FYI.

This story is over 5 years old.

Tech

Here's Why Emoji Can Break Apps

Emoji are all fun and games until they cause software problems.

Late last month, Laurie Stark, a growth editor at Upworthy, changed the nickname associated with her savings account to one that included an emoji. Her bank informed her that this broke their entire system. "They just called to let me know that they had to change my account name because it broke," Stark said on Twitter. (She declined to reveal the bank.)

I'm not saying it WAS me who texted this to @ajlobster but… it might have been me. https://t.co/35hnwmKJ3m
— Laurie Stark (@heylauriestark) May 24, 2016

Advertisement

About a year ago, after reporting on research about ways that hackers can track individuals using Bluetooth Low Energy profiles, I changed the name of my iPhone 5S to the nail polish emoji. I then tried to deposit a check into my bank account using the US Bank app on my iPhone, but it had stopped working. After spending time troubleshooting with tech support over the phone, an internet support specialist emailed me, asking me to ensure my device name (found on Settings->General->About on my iPhone) didn't have emoji. Once I changed it back to words, the app worked again. (US Bank's media representative did not respond to request for comment, but that same support specialist told me that the app was updated last fall, and can now read device names with emoji.)

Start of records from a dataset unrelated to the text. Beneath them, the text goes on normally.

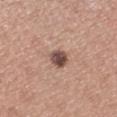Assessment:
Part of a total-body skin-imaging series; this lesion was reviewed on a skin check and was not flagged for biopsy.
Context:
A lesion tile, about 15 mm wide, cut from a 3D total-body photograph. The lesion is on the right lower leg. The total-body-photography lesion software estimated border irregularity of about 2 on a 0–10 scale, internal color variation of about 4.5 on a 0–10 scale, and radial color variation of about 1.5. The patient is a male about 60 years old.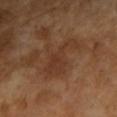The lesion was photographed on a routine skin check and not biopsied; there is no pathology result. A female patient, aged 68–72. Located on the left forearm. A 15 mm close-up extracted from a 3D total-body photography capture. The tile uses cross-polarized illumination. The lesion-visualizer software estimated border irregularity of about 9 on a 0–10 scale, a within-lesion color-variation index near 3/10, and peripheral color asymmetry of about 1.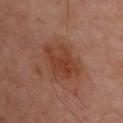Assessment: Captured during whole-body skin photography for melanoma surveillance; the lesion was not biopsied. Background: Imaged with cross-polarized lighting. Located on the back. This image is a 15 mm lesion crop taken from a total-body photograph. The subject is a male roughly 50 years of age.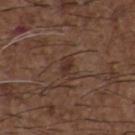<case>
<biopsy_status>not biopsied; imaged during a skin examination</biopsy_status>
<patient>
  <sex>male</sex>
  <age_approx>50</age_approx>
</patient>
<automated_metrics>
  <cielab_L>32</cielab_L>
  <cielab_a>17</cielab_a>
  <cielab_b>23</cielab_b>
  <vs_skin_darker_L>6.0</vs_skin_darker_L>
  <vs_skin_contrast_norm>6.5</vs_skin_contrast_norm>
  <border_irregularity_0_10>3.5</border_irregularity_0_10>
  <color_variation_0_10>2.0</color_variation_0_10>
  <peripheral_color_asymmetry>0.5</peripheral_color_asymmetry>
  <nevus_likeness_0_100>0</nevus_likeness_0_100>
  <lesion_detection_confidence_0_100>95</lesion_detection_confidence_0_100>
</automated_metrics>
<site>upper back</site>
<lesion_size>
  <long_diameter_mm_approx>3.5</long_diameter_mm_approx>
</lesion_size>
<image>
  <source>total-body photography crop</source>
  <field_of_view_mm>15</field_of_view_mm>
</image>
</case>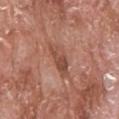Q: Was this lesion biopsied?
A: no biopsy performed (imaged during a skin exam)
Q: Who is the patient?
A: male, aged around 65
Q: How was the tile lit?
A: white-light illumination
Q: Automated lesion metrics?
A: a footprint of about 7.5 mm², an eccentricity of roughly 0.9, and two-axis asymmetry of about 0.3
Q: How was this image acquired?
A: ~15 mm crop, total-body skin-cancer survey
Q: Lesion location?
A: the head or neck

We're not the only people who have had trouble. Anne Van Kesteren, who works on web standards for Mozilla, once renamed his Wi-Fi router network the turtle emoji. At the time he was using a smart kettle (before disconnecting it due to security concerns), but was unable connect because of the emoji name of the Wi-Fi network.

Banking tips pic.twitter.com/8Q90f056EZ
— Anna Marquardt (@ajlobster) May 24, 2016

So why can't some apps read emoji? It has to do with the representational systems used to represent characters in computers. "Back in ancient (1960s) times, we used pretty much two 8-bit representational systems: ASCII (American Standard Code for Information Interchange) and EBCDIC (Extended Binary Coded Decimal Interchange Code)," David Gewirtz, who teaches programming at UC Berkeley, said in an email. "These are both 8-bit coding systems, which means you can have a total of 256 character variations—and that has to handle characters for EVERYTHING." In addition, said Gewirtz, most ASCII characters were implemented in 7-bit, and the 8th bit was saved for things like diacritical marks such as ë or é. (While we can't use emoji without breaking apps, many people can't even enter their own names. In fact, I was unable to change my bank account nickname to a phrase with one of these letters.)

You can only store 128 characters in a 7-bit number, and that's not much: 52 of those are used for lowercase and uppercase letters. Numbers, punctuation, and other symbols would quickly fill up the additional 66. "That doesn't work for a lot of the Asian languages like Chinese or Japanese, that have at least 3000 characters or so in daily use and go up to like 60,000 if you include all the ones that are less often used," said Anne Van Kesteren.

This led to the birth of Unicode, which allows for more bits per character, and makes room for thousands more character (including emoji) represented as a single character. Unicode is more difficult to write than ASCII, though, and Gewirtz points out that it requires libraries that don't always work correctly, so things break.

Unicode isn't a cure-all, and sometimes can't render a stream of data to a correct symbol (and so uses the replacement symbol), in addition to potential security issues and attacks. But at least we can use emoji or non-ASCII symbols in our usernames.